According to the United States Census Bureau, there has been a 23.7 percent increase in St. Johns County’s population from April 2010 to July 2015, and the increase is only expected to continue with new developments.
Flagler College coastal environmental science major, Whitney Glinton, is one of many individuals in the area who has noticed the effects this increase is having.
“People see Florida as a place to ‘get away from your city [busy] life.’ Florida is like the California of the east coast. It’s unrealistic that people will stop coming, but the government needs more (environmental) regulations–county regulations. Things have to start locally,” Glinton said.
However, Dr. Matthew Brown, a professor of natural sciences at Flagler College, said there have already been height limits put on buildings in downtown St. Augustine, in addition to over 40,000 acres of preserved wetlands up the coast of Vilano Beach, but population is still becoming an increasing problem. The stalled traffic causes an increase in harmful exhaust emissions, he said.
“I remember just five or six years ago it wasn’t a big deal to get caught coming across the Bridge of Lions because it would only take a few minutes,” Brown said. “Now, the [Bridge of Lions] goes down and you’re stuck coming in from the beach side and the drawbridge is a 30-minute wait.”
Flagler College student Amanda Aydlett agreed that one of noticeable differences over the past few years is the amount of traffic that accumulates on the Bridge of Lions.
“For the people who have been here for a while, one of the major cons of population growth is the traffic, especially downtown and over the Bridge of Lions. More people means more cars, which means more carbon emissions,” Aydlett said.
Brown also said he’s seen a significant correlation between science and current politics, causing more of a separation among individuals than a community, and suggests students and individuals get involved politically in addition to clubs around campus, like Sustain. Sustain informs students about how what they eat affects the planet and fights back against Western food consumption problems.
Glinton said, as a science major, she is concerned about the impact humans could be having on the local environment regarding aspects such as loss in species, pollution and dredging – the removal sediments and debris from bodies of water.
“Animals are being greatly impacted by [population growth]. As a science major, we’ve worked with Fort Matanzas and last time we went they were telling us about the loss of least terns [species of birds] and how they had to have the river dredge,” Glinton said.
She said her best advice for both residence and tourists would be to, “Wake up, be considerate and everything will be better.”
Fort Matanzas’ natural resource management specialist, Kurt Foote, said the problems of population growth, in addition to expanding on the disappearance of least terns.
“Whenever you add that many people to a confined space there are going to be effects,” Foote said.
Many new residents want a fresh slate, causing an increase in deforestation “to make room for the [new] homes, roads, and landscaping.”

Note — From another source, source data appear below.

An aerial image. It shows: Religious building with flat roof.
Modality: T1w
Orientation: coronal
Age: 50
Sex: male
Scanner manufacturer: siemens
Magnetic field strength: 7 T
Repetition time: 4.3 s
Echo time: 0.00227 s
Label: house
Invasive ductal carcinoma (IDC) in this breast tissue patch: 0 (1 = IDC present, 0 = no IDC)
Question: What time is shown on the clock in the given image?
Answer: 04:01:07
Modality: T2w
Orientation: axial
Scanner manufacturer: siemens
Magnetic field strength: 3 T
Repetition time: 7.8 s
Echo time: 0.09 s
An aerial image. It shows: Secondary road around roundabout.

Foote said that not only are woods and fields home to plants and animals, which are eliminated or displaced during developments, but the ecosystem services – like oxygen production, water filtration and serving as habitat for pollinators – they provided, are lost or severely diminished by the continuous rise in population.

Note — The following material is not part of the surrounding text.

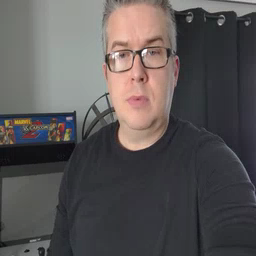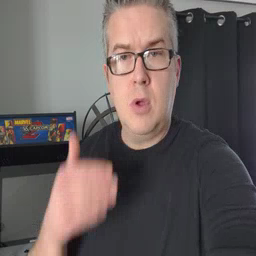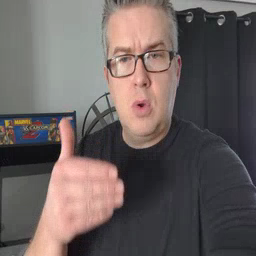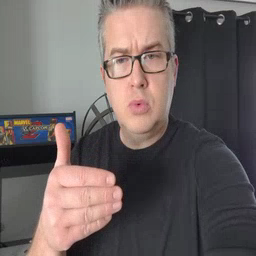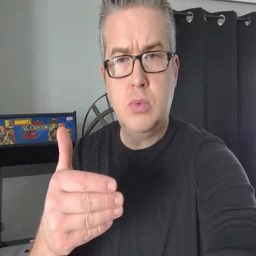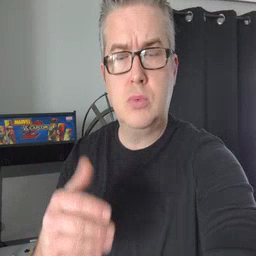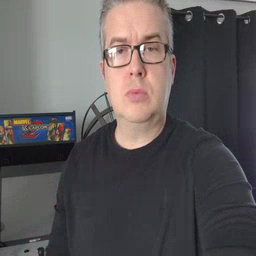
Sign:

Whether the increase in people migrating to the area is for temporary or permanent residence, everyone should be accountable for the upkeep of the environment.

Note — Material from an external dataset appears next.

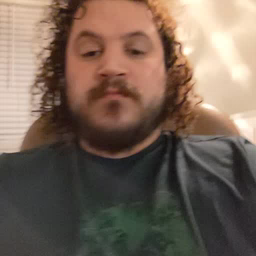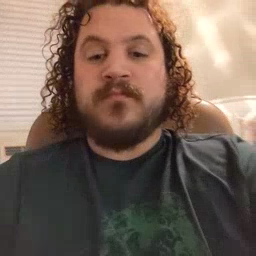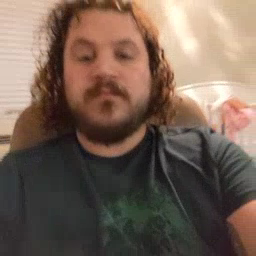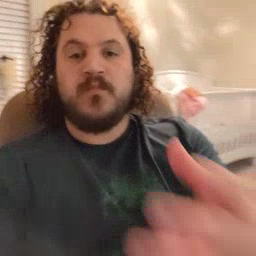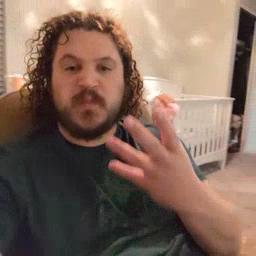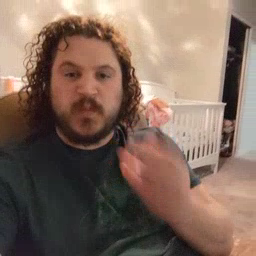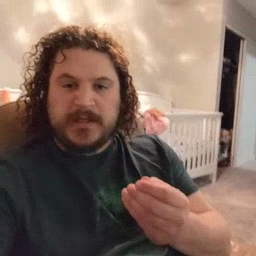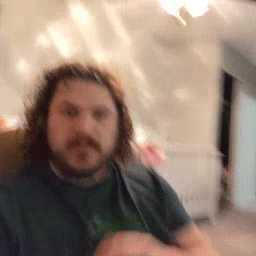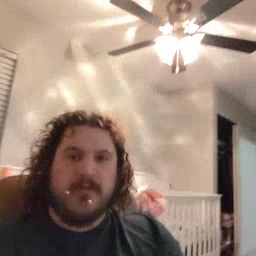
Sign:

“The local economy may benefit from more tourists, but not so much for the environment. One of the major cons of tourism that I have seen is pollution. The people who live here are more appreciative of the environment, but I see tourists litter streets and beaches because they don’t have that same connection with the environment,” Adylett said.
There are two main causes of the drastic decrease in least terns in St. Augustine, and they both can be caused by the influence of humans: land erosion and animal displacement, Foote said.
“Since 2014 the beach and dunes had been experiencing relentless erosion from storms and high tides. If the theories are correct that higher sea levels and more intense storm events are the results of a warming climate and ocean, then the erosion of the park’s beaches can be tied back to climate change and thus human activity,” Foote said.
Regarding animal displacement, there has been an increase in non-native mammalian predators, such as red fox and coyote in the area, due to people converting large areas of Florida’s natural landscape to commercial and residential development, Foote said.
These animals have been forced to adapt to these new areas of displacement, which are creating detrimental effects for the species already inhabiting the area.
Foote wants St. Johns County residents and tourists to be mindful that individual actions can become very significant in both positive and negative contexts.
“When many people reduce what they purchase, re-use something instead of buying new, and recycling their discards, it makes a huge difference in the amount of raw materials that need to be extracted from nature in the first place,” he said.
However, Foote said negative individual actions can be just as significant.
“Littering or walking through the dunes or driving on the beach may not seem that destructive when one person does it, but when compounded by many instances, the environment begins to suffer,” Foote said.
People need to be aware that population equals power and that power can be used for sustainability instead of destruction, he said.
“A collective voice carries immense persuasive power,” Foote said.